EXERCISE DESCRIPTION -> Repeat the entries below exactly and in full.

Stored items from a collection ->
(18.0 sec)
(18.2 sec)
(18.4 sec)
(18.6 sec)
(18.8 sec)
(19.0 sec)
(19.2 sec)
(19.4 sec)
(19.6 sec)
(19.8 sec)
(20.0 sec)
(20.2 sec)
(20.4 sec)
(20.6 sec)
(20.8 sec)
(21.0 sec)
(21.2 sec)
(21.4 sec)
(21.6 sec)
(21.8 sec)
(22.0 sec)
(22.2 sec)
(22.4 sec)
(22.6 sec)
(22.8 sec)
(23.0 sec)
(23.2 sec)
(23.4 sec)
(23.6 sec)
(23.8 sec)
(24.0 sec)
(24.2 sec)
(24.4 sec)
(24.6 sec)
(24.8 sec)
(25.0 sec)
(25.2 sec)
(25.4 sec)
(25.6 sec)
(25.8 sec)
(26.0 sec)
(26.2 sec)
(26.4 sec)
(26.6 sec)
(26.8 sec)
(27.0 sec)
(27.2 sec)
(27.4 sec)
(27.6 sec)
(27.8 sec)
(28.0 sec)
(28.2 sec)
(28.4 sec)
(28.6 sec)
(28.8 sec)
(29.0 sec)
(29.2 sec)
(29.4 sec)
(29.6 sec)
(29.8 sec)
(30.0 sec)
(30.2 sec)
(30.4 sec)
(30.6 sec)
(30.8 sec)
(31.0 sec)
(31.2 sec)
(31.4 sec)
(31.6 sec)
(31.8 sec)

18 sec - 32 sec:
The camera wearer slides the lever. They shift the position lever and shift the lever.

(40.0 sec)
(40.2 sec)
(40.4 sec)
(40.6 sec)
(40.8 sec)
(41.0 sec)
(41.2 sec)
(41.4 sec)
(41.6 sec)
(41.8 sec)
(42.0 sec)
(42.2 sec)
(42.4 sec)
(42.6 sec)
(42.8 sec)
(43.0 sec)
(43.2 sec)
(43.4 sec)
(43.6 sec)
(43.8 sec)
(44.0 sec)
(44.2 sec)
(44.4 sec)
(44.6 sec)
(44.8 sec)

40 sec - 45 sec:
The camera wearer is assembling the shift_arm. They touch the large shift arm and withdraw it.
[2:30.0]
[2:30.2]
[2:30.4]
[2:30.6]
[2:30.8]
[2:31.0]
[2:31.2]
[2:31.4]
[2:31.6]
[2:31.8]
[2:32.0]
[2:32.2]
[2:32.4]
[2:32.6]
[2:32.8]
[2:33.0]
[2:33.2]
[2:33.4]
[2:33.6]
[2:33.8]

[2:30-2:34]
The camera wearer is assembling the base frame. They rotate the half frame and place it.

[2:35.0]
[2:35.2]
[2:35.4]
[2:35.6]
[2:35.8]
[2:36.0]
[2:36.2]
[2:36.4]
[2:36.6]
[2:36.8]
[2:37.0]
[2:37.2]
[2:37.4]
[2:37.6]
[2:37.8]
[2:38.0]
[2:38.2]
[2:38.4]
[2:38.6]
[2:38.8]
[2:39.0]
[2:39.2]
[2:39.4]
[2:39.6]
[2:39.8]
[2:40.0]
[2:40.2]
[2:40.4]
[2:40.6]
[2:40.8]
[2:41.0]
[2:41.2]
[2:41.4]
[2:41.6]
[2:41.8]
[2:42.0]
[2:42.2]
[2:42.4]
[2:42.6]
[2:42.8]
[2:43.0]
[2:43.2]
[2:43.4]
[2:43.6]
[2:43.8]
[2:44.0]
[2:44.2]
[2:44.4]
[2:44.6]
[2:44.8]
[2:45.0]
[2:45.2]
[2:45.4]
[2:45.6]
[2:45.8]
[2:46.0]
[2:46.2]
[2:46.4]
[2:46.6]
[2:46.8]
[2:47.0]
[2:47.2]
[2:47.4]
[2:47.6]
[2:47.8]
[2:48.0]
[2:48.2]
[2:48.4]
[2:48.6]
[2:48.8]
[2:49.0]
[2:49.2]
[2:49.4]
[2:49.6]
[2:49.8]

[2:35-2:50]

RESULT OF THE TASK ->
(18.0 sec)
(18.2 sec)
(18.4 sec)
(18.6 sec)
(18.8 sec)
(19.0 sec)
(19.2 sec)
(19.4 sec)
(19.6 sec)
(19.8 sec)
(20.0 sec)
(20.2 sec)
(20.4 sec)
(20.6 sec)
(20.8 sec)
(21.0 sec)
(21.2 sec)
(21.4 sec)
(21.6 sec)
(21.8 sec)
(22.0 sec)
(22.2 sec)
(22.4 sec)
(22.6 sec)
(22.8 sec)
(23.0 sec)
(23.2 sec)
(23.4 sec)
(23.6 sec)
(23.8 sec)
(24.0 sec)
(24.2 sec)
(24.4 sec)
(24.6 sec)
(24.8 sec)
(25.0 sec)
(25.2 sec)
(25.4 sec)
(25.6 sec)
(25.8 sec)
(26.0 sec)
(26.2 sec)
(26.4 sec)
(26.6 sec)
(26.8 sec)
(27.0 sec)
(27.2 sec)
(27.4 sec)
(27.6 sec)
(27.8 sec)
(28.0 sec)
(28.2 sec)
(28.4 sec)
(28.6 sec)
(28.8 sec)
(29.0 sec)
(29.2 sec)
(29.4 sec)
(29.6 sec)
(29.8 sec)
(30.0 sec)
(30.2 sec)
(30.4 sec)
(30.6 sec)
(30.8 sec)
(31.0 sec)
(31.2 sec)
(31.4 sec)
(31.6 sec)
(31.8 sec)

18 sec - 32 sec:
The camera wearer slides the lever. They shift the position lever and shift the lever.

(40.0 sec)
(40.2 sec)
(40.4 sec)
(40.6 sec)
(40.8 sec)
(41.0 sec)
(41.2 sec)
(41.4 sec)
(41.6 sec)
(41.8 sec)
(42.0 sec)
(42.2 sec)
(42.4 sec)
(42.6 sec)
(42.8 sec)
(43.0 sec)
(43.2 sec)
(43.4 sec)
(43.6 sec)
(43.8 sec)
(44.0 sec)
(44.2 sec)
(44.4 sec)
(44.6 sec)
(44.8 sec)

40 sec - 45 sec:
The camera wearer is assembling the shift_arm. They touch the large shift arm and withdraw it.
[2:30.0]
[2:30.2]
[2:30.4]
[2:30.6]
[2:30.8]
[2:31.0]
[2:31.2]
[2:31.4]
[2:31.6]
[2:31.8]
[2:32.0]
[2:32.2]
[2:32.4]
[2:32.6]
[2:32.8]
[2:33.0]
[2:33.2]
[2:33.4]
[2:33.6]
[2:33.8]

[2:30-2:34]
The camera wearer is assembling the base frame. They rotate the half frame and place it.

[2:35.0]
[2:35.2]
[2:35.4]
[2:35.6]
[2:35.8]
[2:36.0]
[2:36.2]
[2:36.4]
[2:36.6]
[2:36.8]
[2:37.0]
[2:37.2]
[2:37.4]
[2:37.6]
[2:37.8]
[2:38.0]
[2:38.2]
[2:38.4]
[2:38.6]
[2:38.8]
[2:39.0]
[2:39.2]
[2:39.4]
[2:39.6]
[2:39.8]
[2:40.0]
[2:40.2]
[2:40.4]
[2:40.6]
[2:40.8]
[2:41.0]
[2:41.2]
[2:41.4]
[2:41.6]
[2:41.8]
[2:42.0]
[2:42.2]
[2:42.4]
[2:42.6]
[2:42.8]
[2:43.0]
[2:43.2]
[2:43.4]
[2:43.6]
[2:43.8]
[2:44.0]
[2:44.2]
[2:44.4]
[2:44.6]
[2:44.8]
[2:45.0]
[2:45.2]
[2:45.4]
[2:45.6]
[2:45.8]
[2:46.0]
[2:46.2]
[2:46.4]
[2:46.6]
[2:46.8]
[2:47.0]
[2:47.2]
[2:47.4]
[2:47.6]
[2:47.8]
[2:48.0]
[2:48.2]
[2:48.4]
[2:48.6]
[2:48.8]
[2:49.0]
[2:49.2]
[2:49.4]
[2:49.6]
[2:49.8]

[2:35-2:50]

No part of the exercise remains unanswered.